▶ _Problem to solve_: Look through the entries below, please, and copy every line with the word "suit".

▶ _Available data_:
>>
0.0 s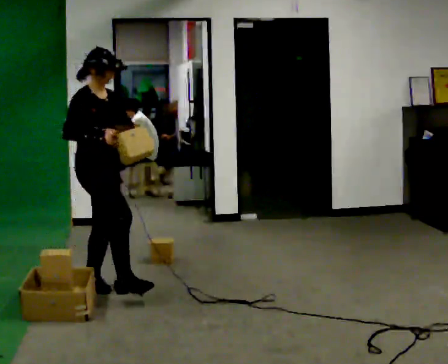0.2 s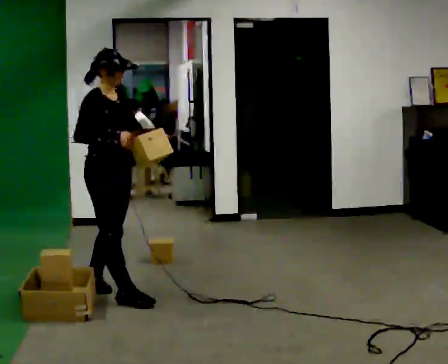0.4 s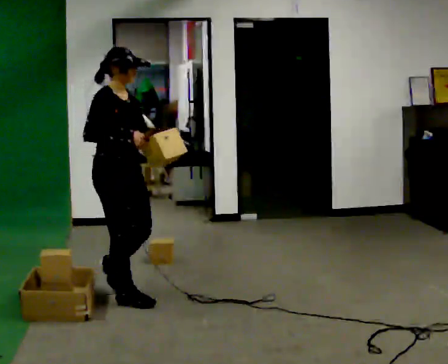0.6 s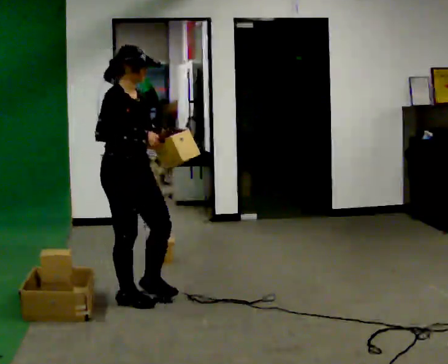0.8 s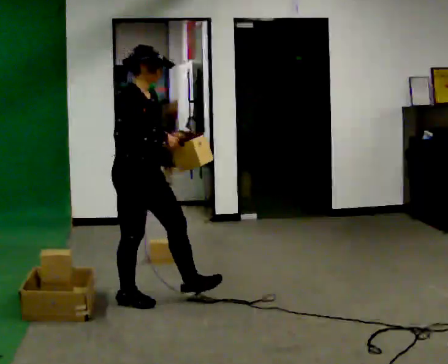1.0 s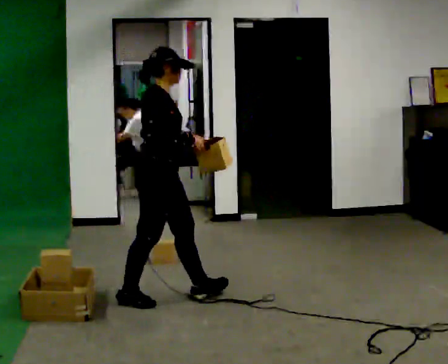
<<
>>
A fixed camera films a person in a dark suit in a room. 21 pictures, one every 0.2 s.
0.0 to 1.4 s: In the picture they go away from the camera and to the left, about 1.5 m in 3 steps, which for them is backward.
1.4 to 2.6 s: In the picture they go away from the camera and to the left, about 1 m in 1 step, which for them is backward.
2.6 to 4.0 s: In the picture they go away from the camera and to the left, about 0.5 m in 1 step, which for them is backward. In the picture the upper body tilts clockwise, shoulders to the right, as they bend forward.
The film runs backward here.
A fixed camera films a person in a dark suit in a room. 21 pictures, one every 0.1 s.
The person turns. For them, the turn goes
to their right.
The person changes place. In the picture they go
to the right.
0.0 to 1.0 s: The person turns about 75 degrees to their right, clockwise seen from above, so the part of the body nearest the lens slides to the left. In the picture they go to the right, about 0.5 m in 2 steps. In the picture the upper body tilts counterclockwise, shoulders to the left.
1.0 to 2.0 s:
<<
▶ _Expected answer_:
A fixed camera films a person in a dark suit in a room. 21 pictures, one every 0.2 s.
A fixed camera films a person in a dark suit in a room. 21 pictures, one every 0.1 s.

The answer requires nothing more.